Every line in the records below that holds "linecap" must be identified and copied.

*** Opening of RECORD SET ***

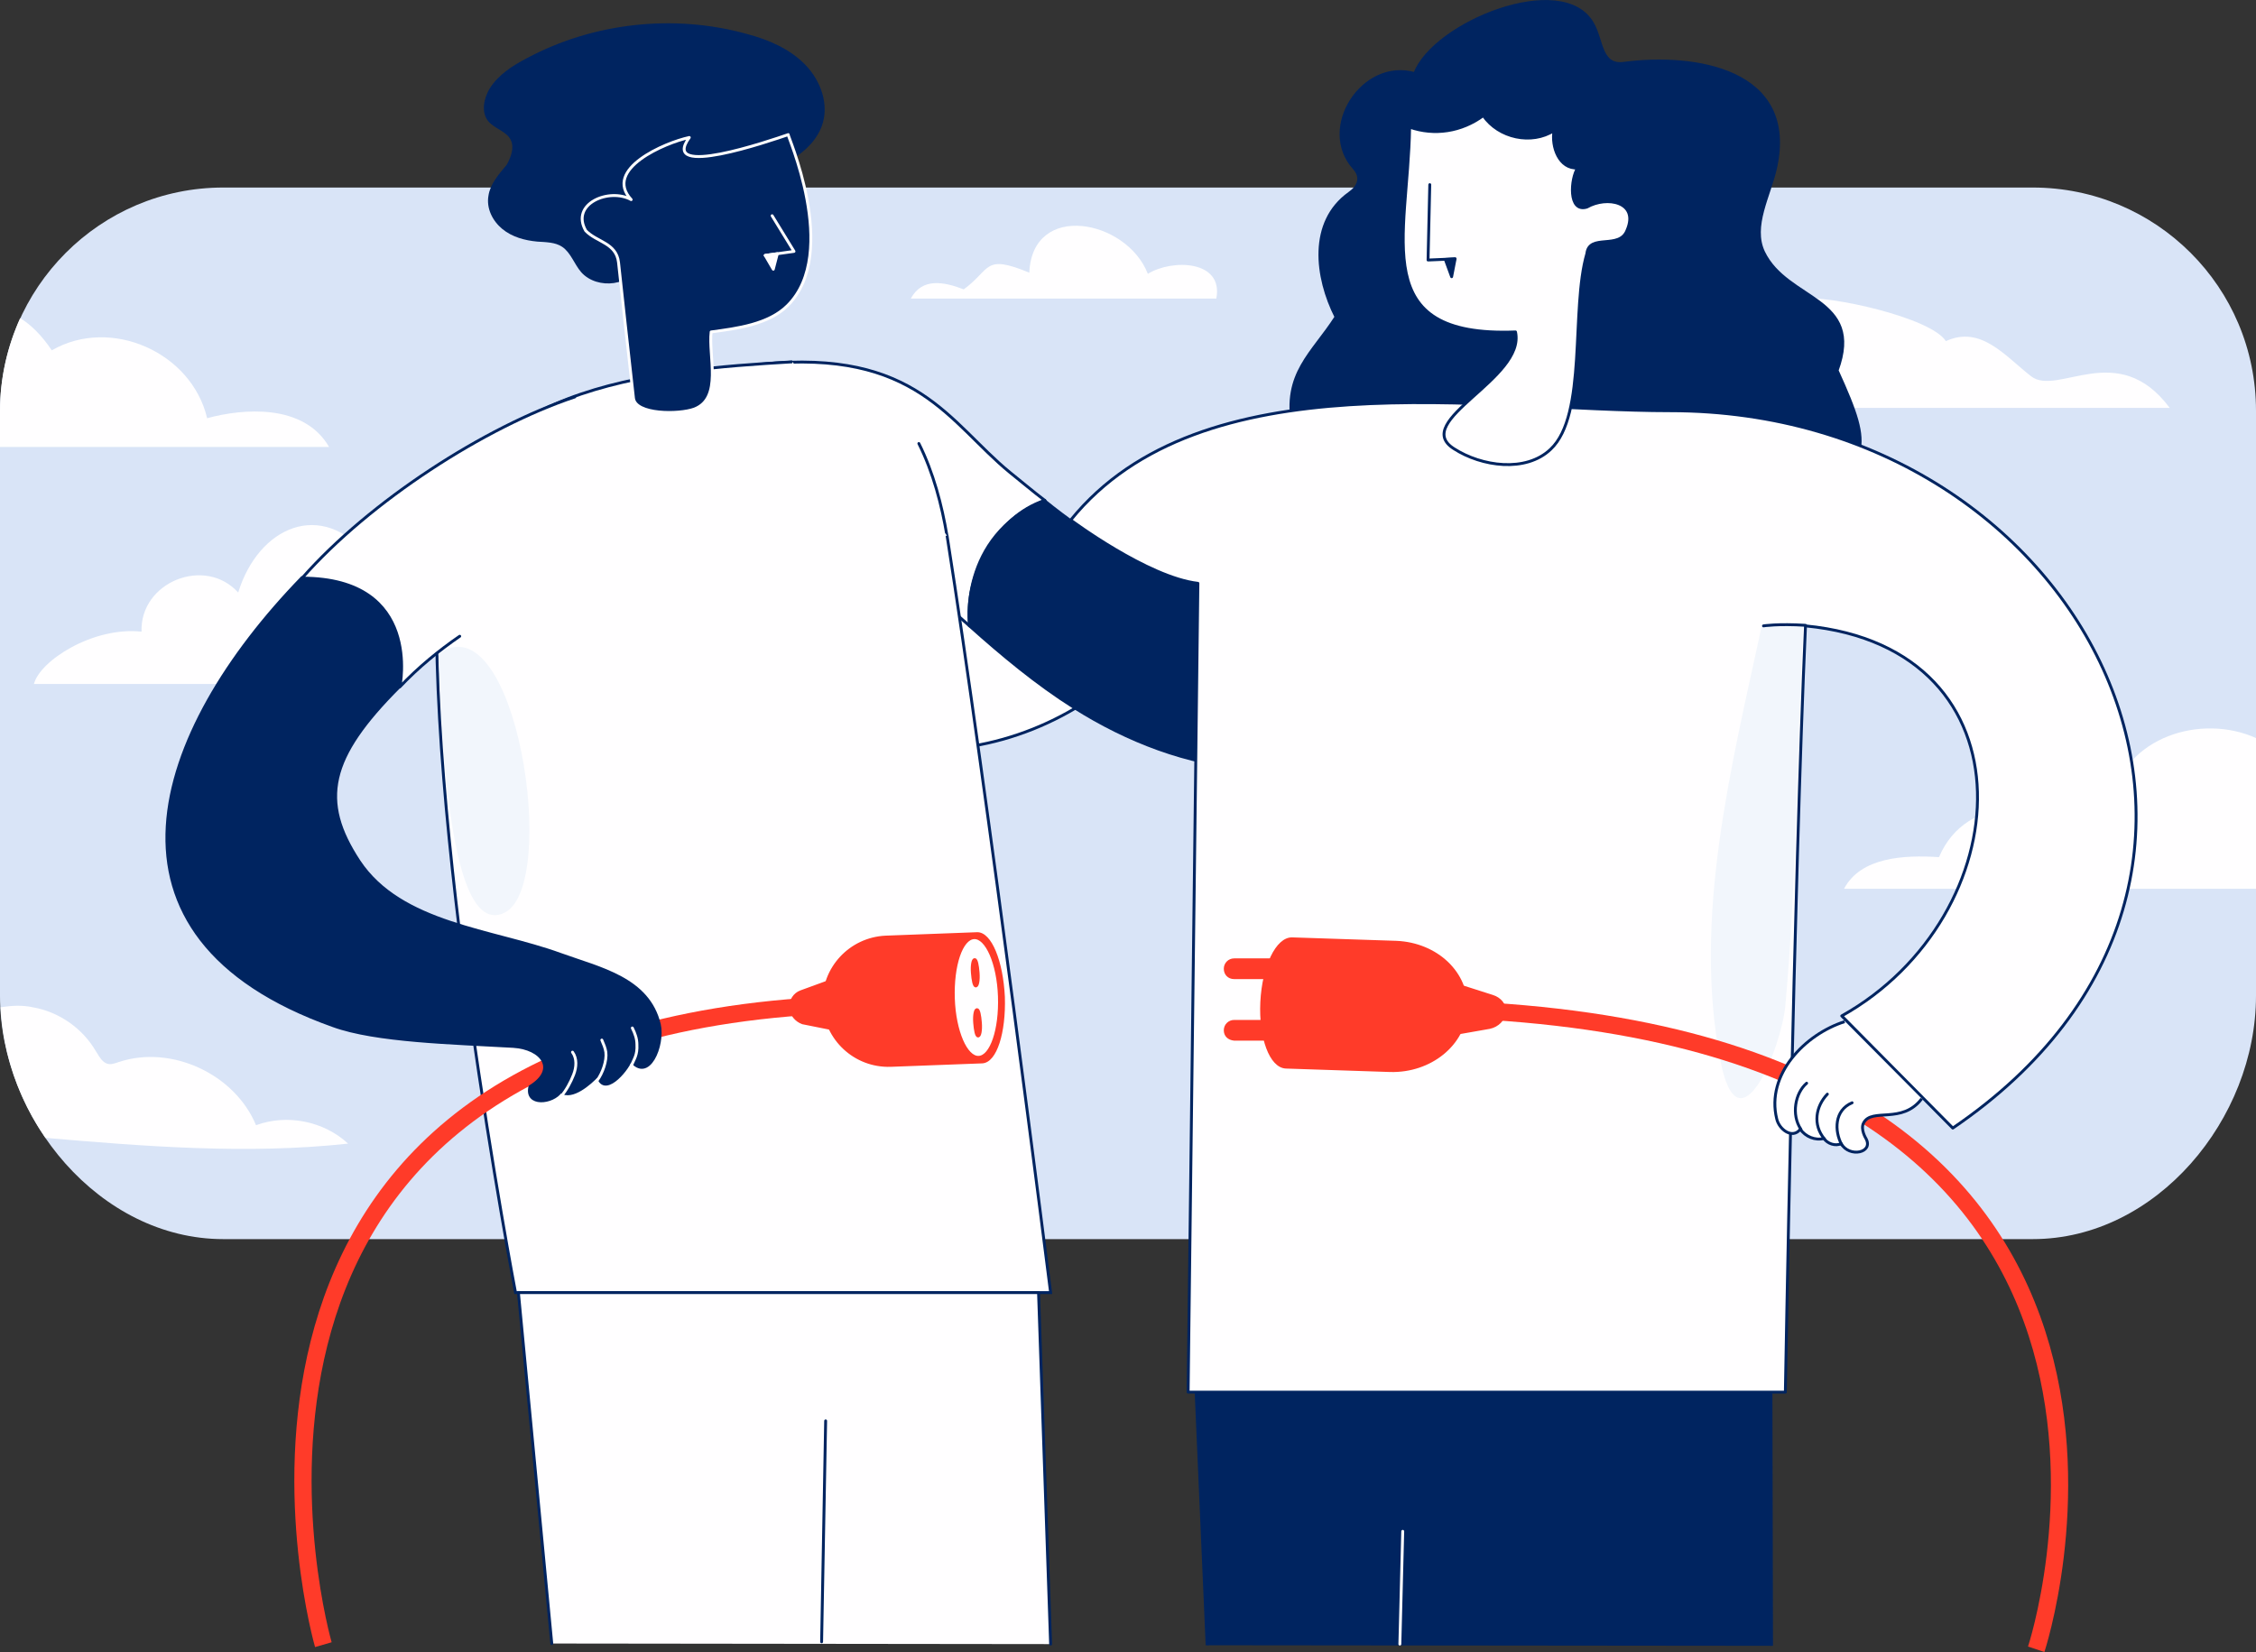 <?xml version="1.0" encoding="utf-8"?>
<!-- Generator: Adobe Illustrator 27.3.1, SVG Export Plug-In . SVG Version: 6.00 Build 0)  -->
<svg version="1.1" id="Layer_1" xmlns="http://www.w3.org/2000/svg" xmlns:xlink="http://www.w3.org/1999/xlink" x="0px" y="0px"
	 viewBox="0 0 392.1 287.2" style="enable-background:new 0 0 392.1 287.2;" xml:space="preserve">
<rect x="0" y="0" width="392.1" height="287.2" fill="#333333" stroke="none"/>
<style type="text/css">
	.st0{fill:#D9E4F7;}
	.st1{fill-rule:evenodd;clip-rule:evenodd;fill:#FFFEFF;}
	.st2{fill:#FFFEFF;}
	.st3{fill:#FFFEFF;stroke:#002460;stroke-width:0.5;stroke-linecap:round;stroke-linejoin:round;stroke-miterlimit:10;}
	.st4{fill:none;stroke:#002460;stroke-width:0.5;stroke-linecap:round;stroke-linejoin:round;stroke-miterlimit:10;}
	.st5{fill:#002460;}
	.st6{fill:none;stroke:#002460;stroke-width:0.5;stroke-miterlimit:10;}
	.st7{fill:#002460;stroke:#FFFEFF;stroke-width:0.5;stroke-linecap:round;stroke-linejoin:round;stroke-miterlimit:10;}
	.st8{fill:none;stroke:#FF3B29;stroke-width:3;stroke-linejoin:round;stroke-miterlimit:10;}
	.st9{fill:#002460;stroke:#002460;stroke-width:0.5;stroke-linecap:round;stroke-linejoin:round;stroke-miterlimit:10;}
	.st10{fill:none;stroke:#FFFEFF;stroke-width:0.5;stroke-linecap:round;stroke-linejoin:round;stroke-miterlimit:10;}
	.st11{fill:#FF3B29;stroke:#FF3B29;stroke-width:0.5;stroke-linecap:round;stroke-linejoin:round;stroke-miterlimit:10;}
	.st12{fill:#FFFEFF;stroke:#FF3B29;stroke-width:0.5;stroke-linecap:round;stroke-linejoin:round;stroke-miterlimit:10;}
	.st13{fill:none;stroke:#002460;stroke-width:0.5;stroke-linejoin:round;stroke-miterlimit:10;}
	.st14{fill:#FFFEFF;stroke:#FFFEFF;stroke-width:0.5;stroke-linecap:round;stroke-linejoin:round;stroke-miterlimit:10;}
	.st15{fill:#F2F6FC;}
	.st16{fill:#FF3B29;}
	.st17{fill:none;stroke:#002460;stroke-width:0.5;stroke-linecap:round;stroke-miterlimit:10;}
</style>
<g>
	<g>
		<path class="st0" d="M38.8,32.6h314.5c21.4,0,38.8,17.3,38.8,38.8v101.7c0,21.4-17.3,42.3-38.8,42.3H38.8
			C17.4,215.4,0,194.5,0,173.1V71.4C0.1,50,17.4,32.6,38.8,32.6z"/>
		<path class="st1" d="M0,77.7v-6.3c0-5.7,1.3-11.2,3.5-16.1c1.8,1.1,3.7,2.9,5.5,5.6c10.2-5.9,24.3,0.3,27,11.8
			c6.2-1.7,16.8-2.6,21.2,5H0z"/>
		<path class="st2" d="M64.1,96.8c-8.2-10.2-19.2-5.2-22.7,6.2c-5.8-6.4-17.1-1.8-16.8,6.8c-8.5-0.9-17.7,5.1-18.7,9.1h54.5
			C61,118.8,67.1,100.2,64.1,96.8z"/>
		<path class="st1" d="M7.9,197.8c-4.6-6.6-7.4-14.6-7.8-22.7c1.9-0.3,3.8-0.4,5.6,0c4.6,0.8,8.7,3.7,11,7.7
			c0.1,0.1,0.1,0.2,0.2,0.3c0.4,0.7,0.9,1.5,1.7,1.8c0.6,0.2,1.2,0,1.8-0.2c0.1,0,0.2-0.1,0.3-0.1c9.1-3,20.1,2.1,23.8,11
			c5.4-2,11.8-0.7,16,3.2C43.1,200.7,25.3,199.3,7.9,197.8z"/>
		<path class="st2" d="M158.3,51.9h53.1c1.3-6.7-7.7-6.9-11.9-4.3c-3.7-9.5-20.1-12.6-20.6-0.2c-8-3.3-6.6-0.6-11.4,2.9
			C164.1,49,160.3,48.2,158.3,51.9z"/>
		<path class="st2" d="M321.1,70.9h56c-9-12.1-19.5-1.9-24.1-5.5c-4.5-3.5-8.7-8.9-14.8-6.1c-2.6-4.1-20.2-8-25.2-7.4
			C310.2,57.8,321.9,64.4,321.1,70.9z"/>
		<path class="st1" d="M392.1,128.3v26.2h-71.6c2.9-5.5,10.4-5.9,16.5-5.5c4.9-11.4,18.7-9.3,28.3-7c1-0.4,1.4-1.6,1.7-2.6
			c0-0.1,0-0.1,0-0.2C369.3,128.1,382.6,124,392.1,128.3z"/>
		<path class="st3" d="M204.5,106.1c-7.8,12.4-21.1,21.2-35.5,23.6C137,135,139.7,77.5,204.5,106.1z"/>
		<path class="st2" d="M168.5,108.8c-2.3-2-4.6-4.1-6.9-6.1c-5.6-14.1-29.2-39.4-29.2-39.4c26.9-2.7,32.6,10.2,43.1,18.8
			c2,1.6,4,3.3,6.1,4.9"/>
		<path class="st4" d="M168.5,108.8c-2.3-2-4.6-4.1-6.9-6.1c-5.6-14.1-29.2-39.4-29.2-39.4c26.9-2.7,32.6,10.2,43.1,18.8
			c2,1.6,4,3.3,6.1,4.9"/>
		<path class="st5" d="M217.2,133.6c-10.8-0.7-21.3-4.8-30.5-10.6c-6.5-4.1-12.5-9.1-18.2-14.2c0,0-2-15.5,13-21.8
			c7.4,6,18.1,13.1,28.9,14.8"/>
		<path class="st6" d="M217.2,133.6c-10.8-0.7-21.3-4.8-30.5-10.6c-6.5-4.1-12.5-9.1-18.2-14.2c0,0-2-15.5,13-21.8
			c7.4,6,18.1,13.1,28.9,14.8"/>
		<path class="st2" d="M164.6,93.2c-0.9-5.4-2.4-11.1-4.9-16.1L164.6,93.2z"/>
		<path class="st4" d="M164.6,93.2c-0.9-5.4-2.4-11.1-4.9-16.1"/>
		<path class="st2" d="M137.7,62.9c-24,1.4-59.6,4.3-61.5,34.4c-2.8,42.8,13.4,127.4,13.4,127.4h93c0,0-11.1-87.9-18-131.6"/>
		<path class="st6" d="M137.7,62.9c-24,1.4-59.6,4.3-61.5,34.4c-2.8,42.8,13.4,127.4,13.4,127.4h93c0,0-11.1-87.9-18-131.6"/>
		<path class="st5" d="M111.9,46.1c-1.3,1.6-3.2,2.8-5.2,3.1s-4.3-0.3-5.7-1.9c-1.2-1.4-1.8-3.4-3.3-4.4c-1.2-0.8-2.8-0.8-4.3-0.9
			c-2.2-0.2-4.4-0.8-6.1-2.2s-2.8-3.6-2.4-5.8c0.3-2,1.7-3.6,3.2-5.4c0.7-1.3,1.3-2.9,0.7-4.2c-0.7-1.6-2.9-2-4-3.4
			c-1.2-1.6-0.7-3.9,0.3-5.6c1.5-2.4,4-4,6.5-5.3c11.6-6.2,25.6-7.7,38.2-4.2c3.8,1,7.5,2.6,10.2,5.4s4.2,7,2.8,10.7
			c-0.8,2.1-2.3,3.7-4.1,5s-3.8,2.1-5.8,3"/>
		<path class="st7" d="M137,23.4c-3.2,1.1-22.4,7.7-17.2,0.5c-4.2,0.9-15,5.5-10.1,10.8c-3.8-2.1-10.6,0.7-7.9,5.4
			c1.9,2,5.3,2.1,5.7,5.5c0.9,8.2,1.4,13,2.6,23.6c0.3,2.9,7.9,2.9,10.6,1.9c4.9-1.9,2.4-9.2,2.9-13.4c4.5-0.6,10-1.3,13.3-4.6
			C146.1,43.9,136.6,23,137,23.4z"/>
		<path class="st8" d="M139.6,175c-113.2,8.1-83.4,110.9-83.4,110.9"/>
		<path class="st9" d="M69.4,119.4c-12.3,12.3-13.9,19.8-7,30.3c7.3,11,23.2,11.9,35,16.2c6.9,2.5,15.3,4.2,17.2,12.2
			c0.8,3.6-1.9,10.2-5,6.2c-0.7,1.9-4.8,6.6-5.7,2.6c-1.4,1.5-4.5,4.2-6.4,2.9v-0.1c-1.4,2.1-6.2,2.6-5.4-0.8c4.9-3,2.1-6.7-2.9-7
			c-10.5-0.6-23.9-0.9-31.3-3.6c-43.6-15.5-31.5-51-5.4-77.9C52.4,100.5,73.9,96.9,69.4,119.4z"/>
		<path class="st10" d="M97.5,190.6c0.9-1,1.7-2.5,2.2-3.8s0.6-2.8-0.2-3.9"/>
		<path class="st10" d="M103.8,187.8c0.9-1.2,1.7-3.4,1.5-4.9c-0.1-0.7-0.4-1.4-0.7-2.1"/>
		<path class="st10" d="M109.8,185.1c0.4-1,1-1.7,0.9-3.5c0-1-0.3-1.9-0.8-2.9"/>
		<path class="st2" d="M79.9,110.6c-3.5,2.4-7.2,5.4-10.4,8.8c0,0,4-18.9-17-18.9C64.3,87.1,84.3,74.2,99.9,69"/>
		<path class="st4" d="M79.9,110.6c-3.5,2.4-7.2,5.4-10.4,8.8c0,0,4-18.9-17-18.9C64.3,87.1,84.3,74.2,99.9,69"/>
		<path class="st11" d="M169.8,162.3l-15.9,0.6c-6.1,0.3-10.9,5.4-10.7,11.6c0.3,6.1,5.4,10.9,11.6,10.7l15.9-0.6
			c2.3-0.1,3.9-5.1,3.7-11.3C174.1,167.1,172.1,162.2,169.8,162.3z"/>
		<path class="st11" d="M137.4,175.1c0-1.2,0.7-2.3,1.8-2.7l6.3-2.3c1.8-0.6,3.7,0.6,3.8,2.5l0.1,3.6c0.1,1.8-1.6,3.2-3.4,2.9
			l-6.5-1.3C138.4,177.4,137.5,176.4,137.4,175.1z"/>
		<path class="st12" d="M170.1,183.8c2.2-0.1,3.8-4.8,3.6-10.6c-0.2-5.7-2.2-10.3-4.4-10.2s-3.8,4.8-3.6,10.6
			C165.9,179.3,167.9,183.9,170.1,183.8z"/>
		<path class="st11" d="M169.6,171.4c0.3,0,0.5-1,0.4-2.3s-0.3-2.3-0.6-2.3s-0.5,1-0.4,2.3S169.3,171.4,169.6,171.4z"/>
		<path class="st11" d="M170,180.1c0.3,0,0.5-1,0.4-2.3s-0.3-2.3-0.6-2.3s-0.5,1-0.4,2.3S169.7,180.1,170,180.1z"/>
		<path class="st2" d="M95.9,285.7l-5.8-61h90.4l2.1,61.1"/>
		<path class="st4" d="M95.9,285.7l-5.8-61h90.4l2.1,61.1"/>
		<path class="st5" d="M224.7,74.2c-1.7-9.3,3.4-12.7,7.5-19.1c-3.5-6.9-4.7-16.5,2.3-21.5c1.6-1.1,2.3-2.7,0.9-4.3
			c-6.4-7,1.5-19.1,10.5-16.5c3.3-8.8,25.7-17.9,30.9-8.7c1.7,2.9,1.3,7.5,5.5,6.9c12.2-1.6,30.1,1.1,26.3,18.2
			c-1.1,4.9-4.2,10.1-2.1,14.6c4.1,8.6,17.5,7.8,12.8,20.6c6.7,14.7,4.8,14.3-4.3,26.7c-2.7,5.5-1.4,12.7-5.1,17.6
			c-10.2,10.3-28.9,4.3-36.7-6.6"/>
		<path class="st13" d="M224.7,74.2c-1.7-9.3,3.4-12.7,7.5-19.1c-3.5-6.9-4.7-16.5,2.3-21.5c1.6-1.1,2.3-2.7,0.9-4.3
			c-6.4-7,1.5-19.1,10.5-16.5c3.3-8.8,25.7-17.9,30.9-8.7c1.7,2.9,1.3,7.5,5.5,6.9c12.2-1.6,30.1,1.1,26.3,18.2
			c-1.1,4.9-4.2,10.1-2.1,14.6c4.1,8.6,17.5,7.8,12.8,20.6c6.7,14.7,4.8,14.3-4.3,26.7c-2.7,5.5-1.4,12.7-5.1,17.6
			c-10.2,10.3-28.9,4.3-36.7-6.6"/>
		<path class="st4" d="M181.6,87c-8.5,2.7-14.2,13.4-13,21.8"/>
		<path class="st10" d="M134.2,37.5l3.8,6.2l-5,0.7"/>
		<path class="st14" d="M133,44.4l2.1-0.3l-0.7,2.7L133,44.4z"/>
		<path class="st3" d="M186.1,90.4c22.8-28.1,71.7-19,104.2-19c72.8,0,112.9,81.3,49.1,124.7l-19.3-19.5
			c30.9-17.3,34.1-63.9-6.3-67.8c-2,44.6-3.5,133.2-3.5,133.2H206.5l1.7-140.6C199.5,100.4,186.1,90.4,186.1,90.4z"/>
		<path class="st15" d="M76.2,113.7c0.5,5.7,0.8,50,11.4,45C97.4,154.2,89.7,103.9,76.2,113.7z"/>
		<path class="st15" d="M306.2,108.8c-5.3,24.5-12,50.7-7.2,75.5c3.2,16.6,10.7-2.5,11.3-9.5c2-22,1.9-43.9,3.1-65.9
			C310.9,108.8,306.5,108.9,306.2,108.8z"/>
		<path class="st8" d="M259,175.8c128.9,8.1,94.9,110.9,94.9,110.9"/>
		<path class="st11" d="M224.6,163.2l18.1,0.6c7,0.3,12.4,5.4,12.1,11.6c-0.3,6.1-6.2,10.9-13.2,10.7l-18.1-0.6
			c-2.6-0.1-4.5-5.1-4.2-11.3C219.6,168,222,163.1,224.6,163.2z"/>
		<path class="st11" d="M261.5,175.9c0.1-1.2-0.8-2.3-2.1-2.7l-7.2-2.3c-2-0.6-4.2,0.6-4.3,2.5l-0.2,3.6c-0.1,1.8,1.8,3.2,3.8,2.9
			l7.4-1.3C260.3,178.3,261.4,177.2,261.5,175.9z"/>
		<path class="st2" d="M245,22.1c-0.3,19.3-7.4,36.6,18.4,35.6c1.8,8.1-18.3,15.5-10.7,20.3c4.8,3.1,12.5,4.2,16.8,0.1
			c6.4-6,3.5-24.4,6.3-34c0.4-3.6,5.7-0.6,7-4.1c2.1-4.9-3.5-6-7-4c-3.3,1-2.8-5-1.6-6.8c-3.2,0.2-4.6-3.7-4.1-6.5
			c-3.9,2.5-9.6,1.3-12.3-2.6C254,22.9,249.3,23.6,245,22.1C245.3,22.2,245.1,22.2,245,22.1z"/>
		<path class="st4" d="M245,22.1c-0.3,19.3-7.4,36.6,18.4,35.6c1.8,8.1-18.3,15.5-10.7,20.3c4.8,3.1,12.5,4.2,16.8,0.1
			c6.4-6,3.5-24.4,6.3-34c0.4-3.6,5.7-0.6,7-4.1c2.1-4.9-3.5-6-7-4c-3.3,1-2.8-5-1.6-6.8c-3.2,0.2-4.6-3.7-4.1-6.5
			c-3.9,2.5-9.6,1.3-12.3-2.6C254,22.9,249.3,23.6,245,22.1z M245,22.1C245.1,22.2,245.3,22.2,245,22.1z"/>
		<path class="st2" d="M320.6,177.6c-6.9,2.2-13.7,9.2-11.8,16.9c0.4,1.8,2.7,3.6,4.1,1.8c0.9,1.3,2.6,2,4.1,1.6
			c0.6,0.9,2,1.4,3,0.9c1.4,2.5,5.7,1.6,4.3-0.9c0,0-1-1.6-0.4-2.7c1.4-2.7,6.7,0.3,10.1-4.2"/>
		<path class="st13" d="M320.6,177.6c-6.9,2.2-13.7,9.2-11.8,16.9c0.4,1.8,2.7,3.6,4.1,1.8c0.9,1.3,2.6,2,4.1,1.6
			c0.6,0.9,2,1.4,3,0.9c1.4,2.5,5.7,1.6,4.3-0.9c0,0-1-1.6-0.4-2.7c1.4-2.7,6.7,0.3,10.1-4.2"/>
		<path class="st4" d="M313,196.3c-1.7-2.5-1-6.3,1-8"/>
		<path class="st4" d="M317.1,198c-2.1-2.5-1.5-5.7,0.5-7.8"/>
		<path class="st4" d="M320.1,199c-1.3-2.4-1.3-6,1.8-7.3"/>
		<path class="st16" d="M212.7,168.4c0-1,0.8-1.8,1.8-1.8h8.3c1,0,1.7,0.8,1.7,1.8s-0.8,1.8-1.7,1.8h-8.3
			C213.4,170.2,212.7,169.4,212.7,168.4z"/>
		<path class="st16" d="M212.7,179.1c0-1,0.8-1.8,1.8-1.8h8.3c1,0,1.7,0.8,1.7,1.8s-0.8,1.8-1.7,1.8h-8.3
			C213.4,180.8,212.7,180.1,212.7,179.1z"/>
		<path class="st5" d="M209.8,286l-1.9-43.8l99.9-0.1l0.1,44"/>
		<path class="st13" d="M209.8,286l-1.9-43.8l99.9-0.1l0.1,44"/>
		<path class="st4" d="M248.5,32.1l-0.3,13.1l4.7-0.2"/>
		<path class="st9" d="M251.2,45.1l1.1,3l0.6-3.1L251.2,45.1z"/>
		<path class="st4" d="M143.5,247l-0.7,38.4"/>
		<path class="st10" d="M243.8,266.2l-0.5,19.6"/>
		<path class="st15" d="M313.8,108.7c-4.8-0.3-7.3,0.1-7.3,0.1L313.8,108.7z"/>
		<path class="st17" d="M313.8,108.7c-4.8-0.3-7.3,0.1-7.3,0.1"/>
	</g>
</g>
</svg>

*** Close of RECORD SET ***

TASK RESPONSE
	.st3{fill:#FFFEFF;stroke:#002460;stroke-width:0.5;stroke-linecap:round;stroke-linejoin:round;stroke-miterlimit:10;}
	.st4{fill:none;stroke:#002460;stroke-width:0.5;stroke-linecap:round;stroke-linejoin:round;stroke-miterlimit:10;}
	.st7{fill:#002460;stroke:#FFFEFF;stroke-width:0.5;stroke-linecap:round;stroke-linejoin:round;stroke-miterlimit:10;}
	.st9{fill:#002460;stroke:#002460;stroke-width:0.5;stroke-linecap:round;stroke-linejoin:round;stroke-miterlimit:10;}
	.st10{fill:none;stroke:#FFFEFF;stroke-width:0.5;stroke-linecap:round;stroke-linejoin:round;stroke-miterlimit:10;}
	.st11{fill:#FF3B29;stroke:#FF3B29;stroke-width:0.5;stroke-linecap:round;stroke-linejoin:round;stroke-miterlimit:10;}
	.st12{fill:#FFFEFF;stroke:#FF3B29;stroke-width:0.5;stroke-linecap:round;stroke-linejoin:round;stroke-miterlimit:10;}
	.st14{fill:#FFFEFF;stroke:#FFFEFF;stroke-width:0.5;stroke-linecap:round;stroke-linejoin:round;stroke-miterlimit:10;}
	.st17{fill:none;stroke:#002460;stroke-width:0.5;stroke-linecap:round;stroke-miterlimit:10;}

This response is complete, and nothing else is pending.